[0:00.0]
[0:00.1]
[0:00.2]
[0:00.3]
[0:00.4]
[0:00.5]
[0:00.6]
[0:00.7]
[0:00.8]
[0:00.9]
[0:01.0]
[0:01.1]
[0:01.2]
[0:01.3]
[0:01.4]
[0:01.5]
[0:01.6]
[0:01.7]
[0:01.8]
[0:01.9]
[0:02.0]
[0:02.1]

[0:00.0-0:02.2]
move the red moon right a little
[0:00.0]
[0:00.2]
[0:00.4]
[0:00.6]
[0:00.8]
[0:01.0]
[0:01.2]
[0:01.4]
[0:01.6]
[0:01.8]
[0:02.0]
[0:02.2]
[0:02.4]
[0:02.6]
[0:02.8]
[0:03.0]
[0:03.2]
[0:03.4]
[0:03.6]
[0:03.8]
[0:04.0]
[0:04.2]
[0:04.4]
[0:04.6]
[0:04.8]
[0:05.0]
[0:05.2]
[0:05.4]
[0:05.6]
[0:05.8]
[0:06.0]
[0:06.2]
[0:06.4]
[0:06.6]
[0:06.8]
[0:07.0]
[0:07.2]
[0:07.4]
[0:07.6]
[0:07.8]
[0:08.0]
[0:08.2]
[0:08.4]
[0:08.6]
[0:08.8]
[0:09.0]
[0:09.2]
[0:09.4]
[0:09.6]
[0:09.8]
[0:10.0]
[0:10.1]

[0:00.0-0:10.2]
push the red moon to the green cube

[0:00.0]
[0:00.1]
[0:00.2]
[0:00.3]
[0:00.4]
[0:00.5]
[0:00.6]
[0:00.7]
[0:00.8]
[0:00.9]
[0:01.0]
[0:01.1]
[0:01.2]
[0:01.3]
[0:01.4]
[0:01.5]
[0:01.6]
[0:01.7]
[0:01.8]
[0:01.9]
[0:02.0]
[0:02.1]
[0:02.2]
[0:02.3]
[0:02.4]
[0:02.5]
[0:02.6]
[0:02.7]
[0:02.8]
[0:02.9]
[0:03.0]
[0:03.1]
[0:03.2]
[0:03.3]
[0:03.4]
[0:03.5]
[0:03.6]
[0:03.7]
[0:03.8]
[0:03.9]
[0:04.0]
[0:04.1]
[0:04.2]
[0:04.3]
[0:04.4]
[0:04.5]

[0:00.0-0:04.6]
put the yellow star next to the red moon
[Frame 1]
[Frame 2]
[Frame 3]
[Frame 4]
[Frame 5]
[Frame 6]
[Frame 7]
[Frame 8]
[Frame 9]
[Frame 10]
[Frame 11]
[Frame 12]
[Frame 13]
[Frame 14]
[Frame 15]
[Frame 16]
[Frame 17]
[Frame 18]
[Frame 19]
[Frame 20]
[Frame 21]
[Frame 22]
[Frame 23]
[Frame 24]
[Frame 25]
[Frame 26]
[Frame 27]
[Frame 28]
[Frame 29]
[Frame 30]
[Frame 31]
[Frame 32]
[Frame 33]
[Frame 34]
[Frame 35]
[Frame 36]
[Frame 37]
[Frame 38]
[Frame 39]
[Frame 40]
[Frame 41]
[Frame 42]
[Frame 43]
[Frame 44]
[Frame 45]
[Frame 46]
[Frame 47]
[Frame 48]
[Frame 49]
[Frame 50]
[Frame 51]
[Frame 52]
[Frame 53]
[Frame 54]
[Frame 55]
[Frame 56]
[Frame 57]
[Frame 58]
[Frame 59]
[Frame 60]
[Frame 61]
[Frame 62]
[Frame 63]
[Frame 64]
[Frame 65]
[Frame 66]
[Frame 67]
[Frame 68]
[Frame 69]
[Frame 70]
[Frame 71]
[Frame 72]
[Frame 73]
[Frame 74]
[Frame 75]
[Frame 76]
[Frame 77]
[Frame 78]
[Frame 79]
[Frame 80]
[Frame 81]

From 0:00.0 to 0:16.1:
-------------------------
From the first line through the last, give the data above again exactly.

[0:00.0]
[0:00.1]
[0:00.2]
[0:00.3]
[0:00.4]
[0:00.5]
[0:00.6]
[0:00.7]
[0:00.8]
[0:00.9]
[0:01.0]
[0:01.1]
[0:01.2]
[0:01.3]
[0:01.4]
[0:01.5]
[0:01.6]
[0:01.7]
[0:01.8]
[0:01.9]
[0:02.0]
[0:02.1]

[0:00.0-0:02.2]
move the red moon right a little
[0:00.0]
[0:00.2]
[0:00.4]
[0:00.6]
[0:00.8]
[0:01.0]
[0:01.2]
[0:01.4]
[0:01.6]
[0:01.8]
[0:02.0]
[0:02.2]
[0:02.4]
[0:02.6]
[0:02.8]
[0:03.0]
[0:03.2]
[0:03.4]
[0:03.6]
[0:03.8]
[0:04.0]
[0:04.2]
[0:04.4]
[0:04.6]
[0:04.8]
[0:05.0]
[0:05.2]
[0:05.4]
[0:05.6]
[0:05.8]
[0:06.0]
[0:06.2]
[0:06.4]
[0:06.6]
[0:06.8]
[0:07.0]
[0:07.2]
[0:07.4]
[0:07.6]
[0:07.8]
[0:08.0]
[0:08.2]
[0:08.4]
[0:08.6]
[0:08.8]
[0:09.0]
[0:09.2]
[0:09.4]
[0:09.6]
[0:09.8]
[0:10.0]
[0:10.1]

[0:00.0-0:10.2]
push the red moon to the green cube

[0:00.0]
[0:00.1]
[0:00.2]
[0:00.3]
[0:00.4]
[0:00.5]
[0:00.6]
[0:00.7]
[0:00.8]
[0:00.9]
[0:01.0]
[0:01.1]
[0:01.2]
[0:01.3]
[0:01.4]
[0:01.5]
[0:01.6]
[0:01.7]
[0:01.8]
[0:01.9]
[0:02.0]
[0:02.1]
[0:02.2]
[0:02.3]
[0:02.4]
[0:02.5]
[0:02.6]
[0:02.7]
[0:02.8]
[0:02.9]
[0:03.0]
[0:03.1]
[0:03.2]
[0:03.3]
[0:03.4]
[0:03.5]
[0:03.6]
[0:03.7]
[0:03.8]
[0:03.9]
[0:04.0]
[0:04.1]
[0:04.2]
[0:04.3]
[0:04.4]
[0:04.5]

[0:00.0-0:04.6]
put the yellow star next to the red moon
[Frame 1]
[Frame 2]
[Frame 3]
[Frame 4]
[Frame 5]
[Frame 6]
[Frame 7]
[Frame 8]
[Frame 9]
[Frame 10]
[Frame 11]
[Frame 12]
[Frame 13]
[Frame 14]
[Frame 15]
[Frame 16]
[Frame 17]
[Frame 18]
[Frame 19]
[Frame 20]
[Frame 21]
[Frame 22]
[Frame 23]
[Frame 24]
[Frame 25]
[Frame 26]
[Frame 27]
[Frame 28]
[Frame 29]
[Frame 30]
[Frame 31]
[Frame 32]
[Frame 33]
[Frame 34]
[Frame 35]
[Frame 36]
[Frame 37]
[Frame 38]
[Frame 39]
[Frame 40]
[Frame 41]
[Frame 42]
[Frame 43]
[Frame 44]
[Frame 45]
[Frame 46]
[Frame 47]
[Frame 48]
[Frame 49]
[Frame 50]
[Frame 51]
[Frame 52]
[Frame 53]
[Frame 54]
[Frame 55]
[Frame 56]
[Frame 57]
[Frame 58]
[Frame 59]
[Frame 60]
[Frame 61]
[Frame 62]
[Frame 63]
[Frame 64]
[Frame 65]
[Frame 66]
[Frame 67]
[Frame 68]
[Frame 69]
[Frame 70]
[Frame 71]
[Frame 72]
[Frame 73]
[Frame 74]
[Frame 75]
[Frame 76]
[Frame 77]
[Frame 78]
[Frame 79]
[Frame 80]
[Frame 81]

From 0:00.0 to 0:16.1:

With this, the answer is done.